## What the task asks
Each line of the listing where "circle" appears should be reported.

## Task input
-*-*-
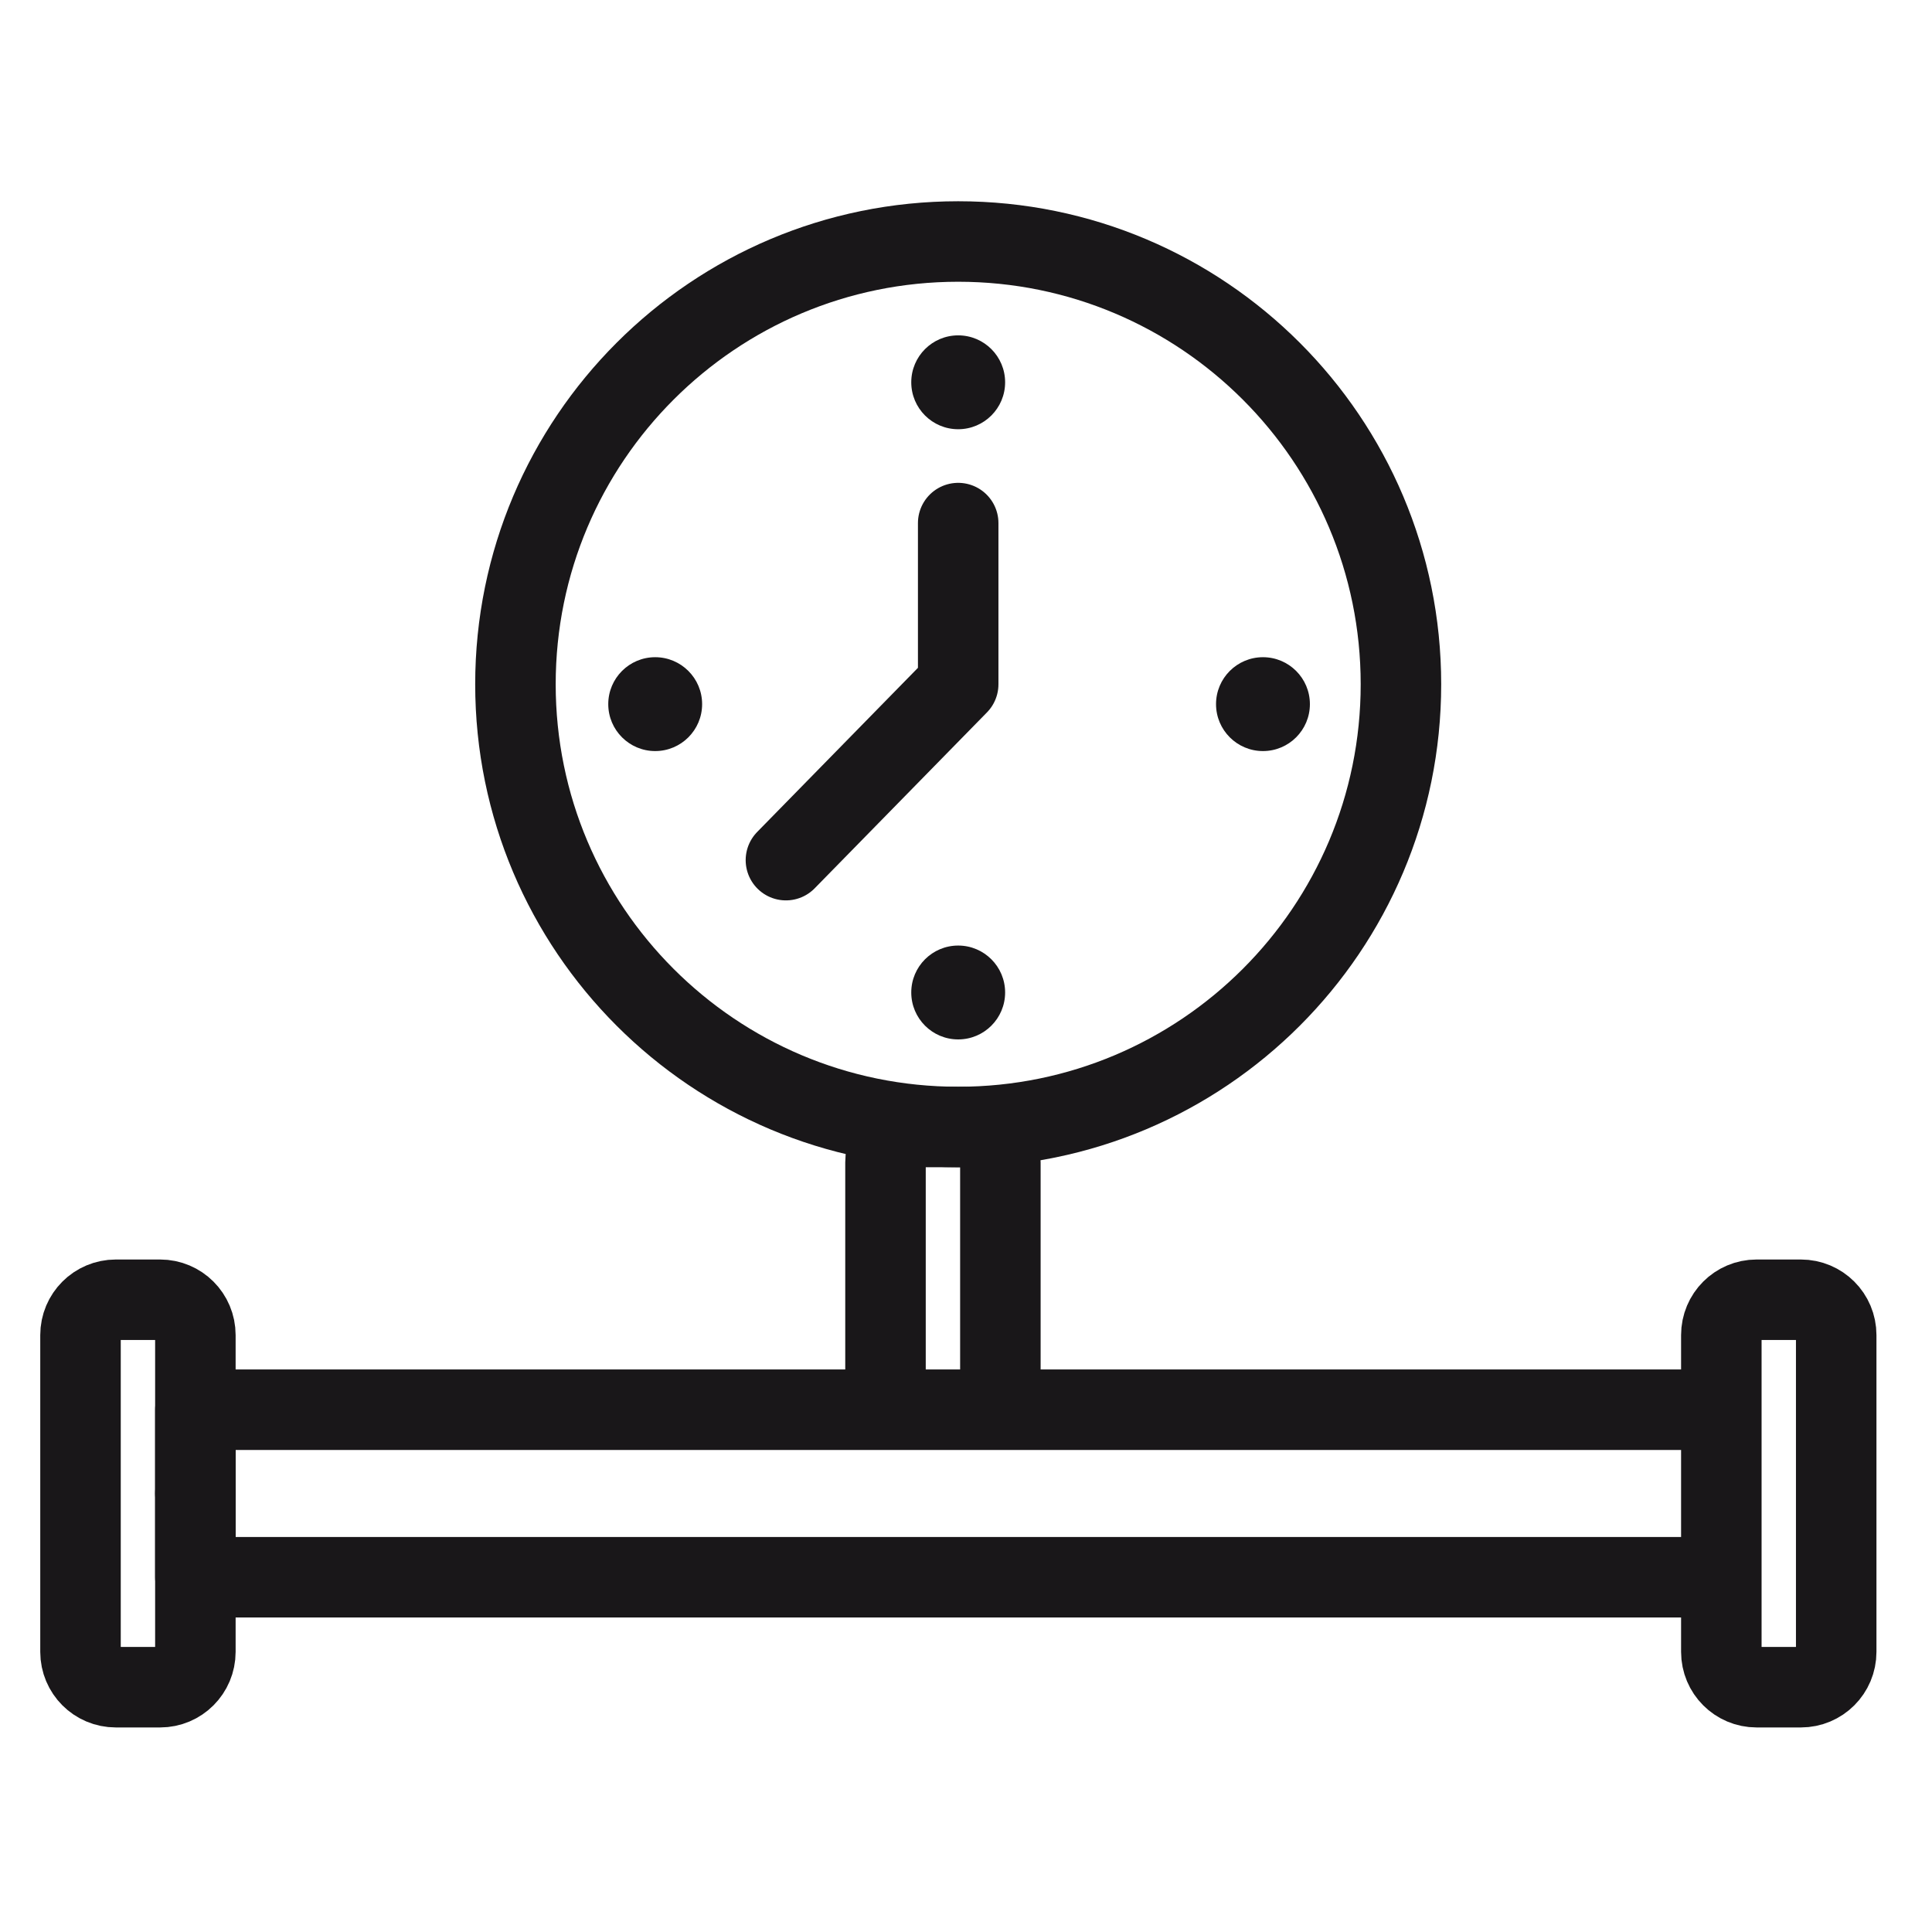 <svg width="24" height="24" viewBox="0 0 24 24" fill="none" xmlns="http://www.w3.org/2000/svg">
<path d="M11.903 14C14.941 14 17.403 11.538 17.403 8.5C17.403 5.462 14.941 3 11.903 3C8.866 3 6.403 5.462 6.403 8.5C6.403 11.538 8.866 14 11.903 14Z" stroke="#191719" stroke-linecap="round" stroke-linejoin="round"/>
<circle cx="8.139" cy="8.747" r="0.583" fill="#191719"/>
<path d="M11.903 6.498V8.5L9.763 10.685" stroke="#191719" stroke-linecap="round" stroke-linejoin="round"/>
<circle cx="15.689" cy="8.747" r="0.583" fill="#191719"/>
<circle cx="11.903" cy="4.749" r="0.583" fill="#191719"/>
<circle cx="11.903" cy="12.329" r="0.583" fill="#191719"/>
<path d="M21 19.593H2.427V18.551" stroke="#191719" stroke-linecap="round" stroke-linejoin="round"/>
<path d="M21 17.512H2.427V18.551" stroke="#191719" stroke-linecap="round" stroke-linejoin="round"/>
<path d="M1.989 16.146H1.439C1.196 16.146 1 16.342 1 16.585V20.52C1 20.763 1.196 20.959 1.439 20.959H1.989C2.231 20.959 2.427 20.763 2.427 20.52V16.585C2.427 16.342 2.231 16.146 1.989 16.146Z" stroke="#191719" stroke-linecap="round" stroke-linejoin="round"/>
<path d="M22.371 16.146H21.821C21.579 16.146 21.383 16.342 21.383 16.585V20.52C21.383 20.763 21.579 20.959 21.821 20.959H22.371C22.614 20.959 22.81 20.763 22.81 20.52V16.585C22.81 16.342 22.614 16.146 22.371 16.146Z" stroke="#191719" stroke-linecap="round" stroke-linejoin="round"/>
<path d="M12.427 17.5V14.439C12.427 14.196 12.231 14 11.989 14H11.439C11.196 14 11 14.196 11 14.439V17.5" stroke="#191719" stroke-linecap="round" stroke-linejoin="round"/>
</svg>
-*-*-
## Result of the exercise
<circle cx="8.139" cy="8.747" r="0.583" fill="#191719"/>
<circle cx="15.689" cy="8.747" r="0.583" fill="#191719"/>
<circle cx="11.903" cy="4.749" r="0.583" fill="#191719"/>
<circle cx="11.903" cy="12.329" r="0.583" fill="#191719"/>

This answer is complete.